# Primary Winches: Barient vs Lewmar



## LWinters (Nov 16, 2006)

I need some help. I've read a few places that the Lewmar 40ST was a direct replacement for the Barient 26. I ordered up a pair from Defender and they sure do look smaller. The internal stem is very similar, but the drum housing is noticably smaller.

I've always understood that you wanted to error on the side of an oversized primary winch and I don't want to mount these guys if I've underdone it. The boat is a 39 foot Ketch. Any ideas?


----------



## sailingdog (Mar 19, 2006)

The Lewmar 40ST has a mechanical leverage of 40:1, the Barient 26 I believe had one of 26:1. The real issue with most modern winches is their gearing ratio. The 40ST has a gearing ratio that will provide you with more leverage. How big is the genoa you are going to be using these winches for?

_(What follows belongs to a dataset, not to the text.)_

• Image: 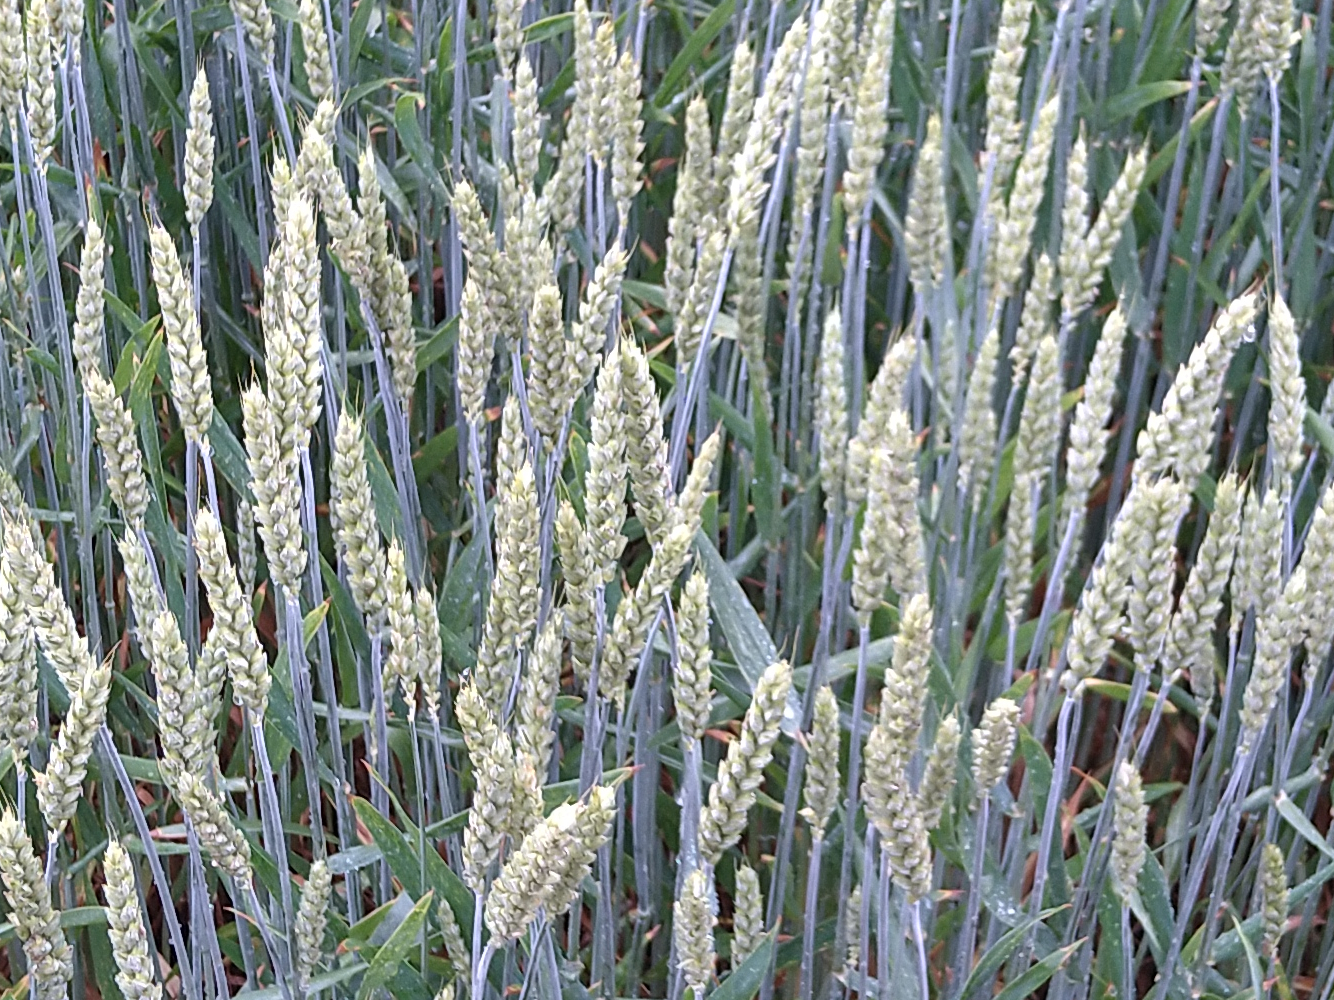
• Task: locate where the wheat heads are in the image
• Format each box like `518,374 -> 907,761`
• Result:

I have 40ST's on my boat and use them with a 274 sq. ft. genoa...and they're about right for that size sail. If the sail were much larger, I would think that the 48ST might be a better choice.


----------



## LWinters (Nov 16, 2006)

The primaries will handle both the 150% genoa and the cruising spinnaker. Thanks for the clarification Sailingdog. Sounds like I had it right even if I didn't know exactly why.


----------



## sailingdog (Mar 19, 2006)

Glad to help... 

BTW, the spinnaker, even though it will have much more surface area, doesn't need a correspondingly larger winch because the winds you use it in are generally weaker than those you use the genoa in.


----------



## Freesail99 (Feb 13, 2006)

The spinnaker is also by far a much lighter sail, weight wise.


----------



## svsirius (Jan 14, 2007)

Barient did not size there winches according to the current convention. 

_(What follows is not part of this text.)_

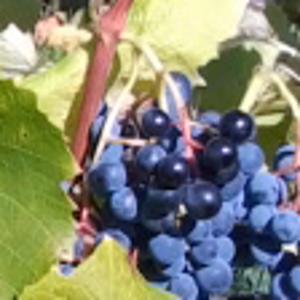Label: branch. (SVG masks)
<instances>
[{"mask_svg": "<svg viewBox=\"0 0 300 300\" xmlns=\"http://www.w3.org/2000/svg\"><path fill=\"white\" fill-rule=\"evenodd\" d=\"M134 5L135 0H120L108 7L96 23L93 63L79 106L80 118L74 140L69 145V151L77 168H82L86 163L93 118L97 113L98 104L105 100L111 52L119 40L127 15L134 9Z\"/></svg>", "mask_w": 300, "mask_h": 300, "instance_id": "obj_1", "label": "branch"}]
</instances>

If the winch loooks smaller it probably is.. you might be better served buy exchanging them for a set of 44s. Also go to the Harken web site and look up compuspec they will help you size winches or anything else for your boat.


----------



## Giulietta (Nov 14, 2006)

The 40 are enough for what you want


----------



## roline (Apr 7, 2000)

*Winch Sizes*

The Cal 9.2 came with Barient 25 primary winches which are 40:1 power.
The C&C 35 came with Barient 26 primary winches which are about 44:1 power.
Barient 27-48 are 48:1


----------